The argument for the exclusion of Sunday is founded on the erroneous assumption, that to repair a defect in a highway, however necessary it may be to secure the public safety, would be a violation of the statute to enforce the observance of the Lord’s day. Rev. Sts. c. 50, § 1. But it is quite clear, that the statute is not to be so construed; on the contrary, works of necessity and charity are expressly excepted from the prohibition of labor, business and work in the first section ; and, certainly, any work and labor necessary to be done to secure the public safety must come within the true meaning of the exception in the statute.

By the word “necessity” in the exception we are not to understand a physical and absolute necessity; but a moral fitness or propriety of the work and labor done, under the circumstances of any particular case, may well be deemed necessity within the statute; and so it was decided, in the construction of a similar exception, in the prohibition against travelling on the Lord’s day, in the statute of 1791, c. 58, § 2. Commonwealth v. Knox, 6 Mass. 76; Pearce v.

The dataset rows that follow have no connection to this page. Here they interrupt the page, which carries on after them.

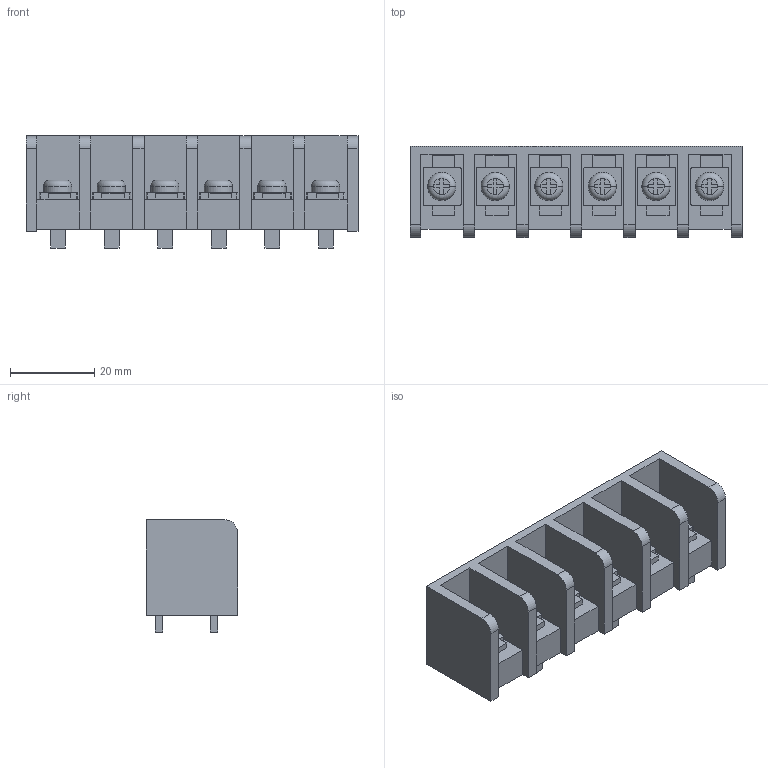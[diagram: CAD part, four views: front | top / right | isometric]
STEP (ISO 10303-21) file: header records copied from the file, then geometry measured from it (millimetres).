
FILE_DESCRIPTION (( 'STEP AP214' ), '1' );
FILE_NAME ('CONN-TH_6P-P12.70_389690006.step', '2022-08-02T14:16:37', ( '' ), ( '' ), 'SwSTEP 2.0', 'SolidWorks 2020', '' );
FILE_SCHEMA (( 'AUTOMOTIVE_DESIGN' ));
Length unit declared in the file: millimetre
Products named in the file (1): CONN-TH_6P-P12.70_389690006
Bounding box: 78.7 x 21.6 x 26.6 mm (x, y, z)
Volume: 20333.9 mm3; surface area: 13122.2 mm2
Topology: 14 solids, 14 shells, 687 faces, 1827 edges, 1198 vertices
Faces by surface type: plane 497, bspline 135, cylinder 43, torus 12
Entity records: 26763 total; most frequent: CARTESIAN_POINT 6956, ORIENTED_EDGE 3654, DIRECTION 2781, EDGE_CURVE 1827, VECTOR 1383, LINE 1383, VERTEX_POINT 1198, EDGE_LOOP 729
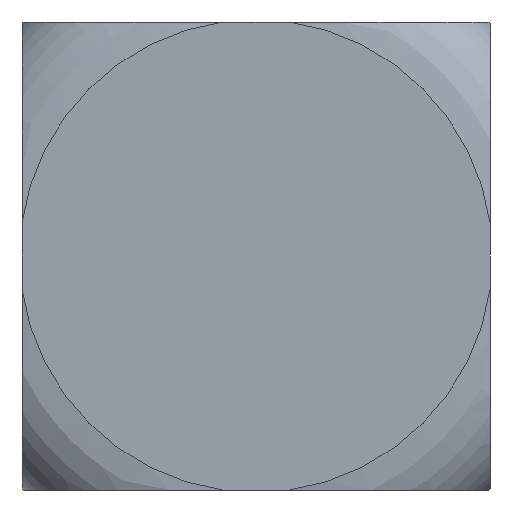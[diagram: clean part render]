
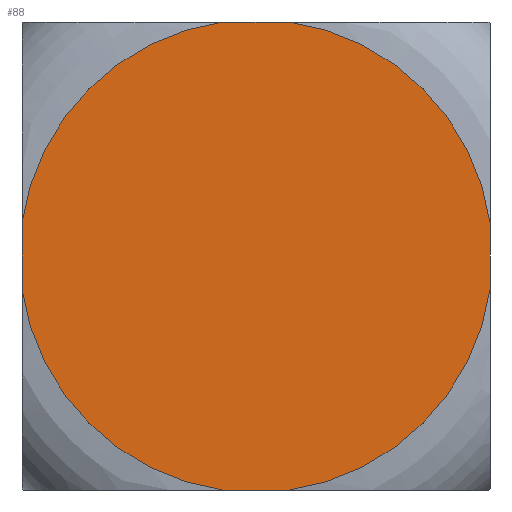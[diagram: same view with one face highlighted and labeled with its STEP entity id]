
A CAD part, left-side view. The second image highlights one B-rep face of the part: STEP entity #88.
In plain terms, the highlighted planar face has unit normal (-1, 0, 0).
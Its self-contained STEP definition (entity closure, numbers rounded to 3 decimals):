
#88 = ADVANCED_FACE( '', ( #130 ), #131, .T. );
#130 = FACE_OUTER_BOUND( '', #186, .T. );
#131 = PLANE( '', #187 );
#186 = EDGE_LOOP( '', ( #328, #329, #330, #331, #332, #333, #334, #335 ) );
#187 = AXIS2_PLACEMENT_3D( '', #336, #337, #338 );
#328 = ORIENTED_EDGE( '', *, *, #477, .T. );
#329 = ORIENTED_EDGE( '', *, *, #496, .T. );
#330 = ORIENTED_EDGE( '', *, *, #495, .T. );
#331 = ORIENTED_EDGE( '', *, *, #497, .T. );
#332 = ORIENTED_EDGE( '', *, *, #489, .T. );
#333 = ORIENTED_EDGE( '', *, *, #498, .T. );
#334 = ORIENTED_EDGE( '', *, *, #483, .T. );
#335 = ORIENTED_EDGE( '', *, *, #499, .T. );
#336 = CARTESIAN_POINT( '', ( 0., 6.313, 0. ) );
#337 = DIRECTION( '', ( -1., 0., 0. ) );
#338 = DIRECTION( '', ( 0., 1., 0. ) );
#477 = EDGE_CURVE( '', #568, #573, #575, .T. );
#483 = EDGE_CURVE( '', #577, #584, #586, .T. );
#489 = EDGE_CURVE( '', #588, #596, #598, .T. );
#495 = EDGE_CURVE( '', #600, #607, #609, .T. );
#496 = EDGE_CURVE( '', #573, #600, #610, .T. );
#497 = EDGE_CURVE( '', #607, #588, #611, .T. );
#498 = EDGE_CURVE( '', #596, #577, #612, .T. );
#499 = EDGE_CURVE( '', #584, #568, #613, .T. );
#568 = VERTEX_POINT( '', #695 );
#573 = VERTEX_POINT( '', #731 );
#575 = LINE( '', #762, #763 );
#577 = VERTEX_POINT( '', #765 );
#584 = VERTEX_POINT( '', #804 );
#586 = LINE( '', #835, #836 );
#588 = VERTEX_POINT( '', #838 );
#596 = VERTEX_POINT( '', #878 );
#598 = LINE( '', #909, #910 );
#600 = VERTEX_POINT( '', #912 );
#607 = VERTEX_POINT( '', #951 );
#609 = LINE( '', #982, #983 );
#610 = CIRCLE( '', #984, 12.625 );
#611 = CIRCLE( '', #985, 12.625 );
#612 = CIRCLE( '', #986, 12.625 );
#613 = CIRCLE( '', #987, 12.625 );
#695 = CARTESIAN_POINT( '', ( 0., -1.772, 12.5 ) );
#731 = CARTESIAN_POINT( '', ( 0., 1.772, 12.5 ) );
#762 = CARTESIAN_POINT( '', ( 0., 9.406, 12.5 ) );
#763 = VECTOR( '', #1073, 1. );
#765 = CARTESIAN_POINT( '', ( 0., -12.5, -1.772 ) );
#804 = CARTESIAN_POINT( '', ( 0., -12.5, 1.772 ) );
#835 = CARTESIAN_POINT( '', ( 0., -12.5, 6.25 ) );
#836 = VECTOR( '', #1077, 1. );
#838 = CARTESIAN_POINT( '', ( 0., 1.772, -12.5 ) );
#878 = CARTESIAN_POINT( '', ( 0., -1.772, -12.5 ) );
#909 = CARTESIAN_POINT( '', ( 0., -3.094, -12.5 ) );
#910 = VECTOR( '', #1081, 1. );
#912 = CARTESIAN_POINT( '', ( 0., 12.5, 1.772 ) );
#951 = CARTESIAN_POINT( '', ( 0., 12.5, -1.772 ) );
#982 = CARTESIAN_POINT( '', ( 0., 12.5, -6.25 ) );
#983 = VECTOR( '', #1085, 1. );
#984 = AXIS2_PLACEMENT_3D( '', #1086, #1087, #1088 );
#985 = AXIS2_PLACEMENT_3D( '', #1089, #1090, #1091 );
#986 = AXIS2_PLACEMENT_3D( '', #1092, #1093, #1094 );
#987 = AXIS2_PLACEMENT_3D( '', #1095, #1096, #1097 );
#1073 = DIRECTION( '', ( 0., 1., 0. ) );
#1077 = DIRECTION( '', ( 0., 0., 1. ) );
#1081 = DIRECTION( '', ( 0., -1., 0. ) );
#1085 = DIRECTION( '', ( 0., 0., -1. ) );
#1086 = CARTESIAN_POINT( '', ( 0., 0., 0. ) );
#1087 = DIRECTION( '', ( -1., 0., 0. ) );
#1088 = DIRECTION( '', ( 0., 1., 0. ) );
#1089 = CARTESIAN_POINT( '', ( 0., 0., 0. ) );
#1090 = DIRECTION( '', ( -1., 0., 0. ) );
#1091 = DIRECTION( '', ( 0., 1., 0. ) );
#1092 = CARTESIAN_POINT( '', ( 0., 0., 0. ) );
#1093 = DIRECTION( '', ( -1., 0., 0. ) );
#1094 = DIRECTION( '', ( 0., 1., 0. ) );
#1095 = CARTESIAN_POINT( '', ( 0., 0., 0. ) );
#1096 = DIRECTION( '', ( -1., 0., 0. ) );
#1097 = DIRECTION( '', ( 0., 1., 0. ) );

Atwood, 13 Mass. 354. Now, when a defect in the highway is discovered on the Lord’s day, which may endanger the limbs and the lives of travellers, it is not only morally fit and proper that it should be immediately repaired, but it is the imperative duty of the town, which is bound to keep the highway in repair, to cause it so to be done, or to adopt means to guard against the danger, until it can be done, and work and labor for this purpose is no violation of the law, or of religious duty.

Exceptions overruled.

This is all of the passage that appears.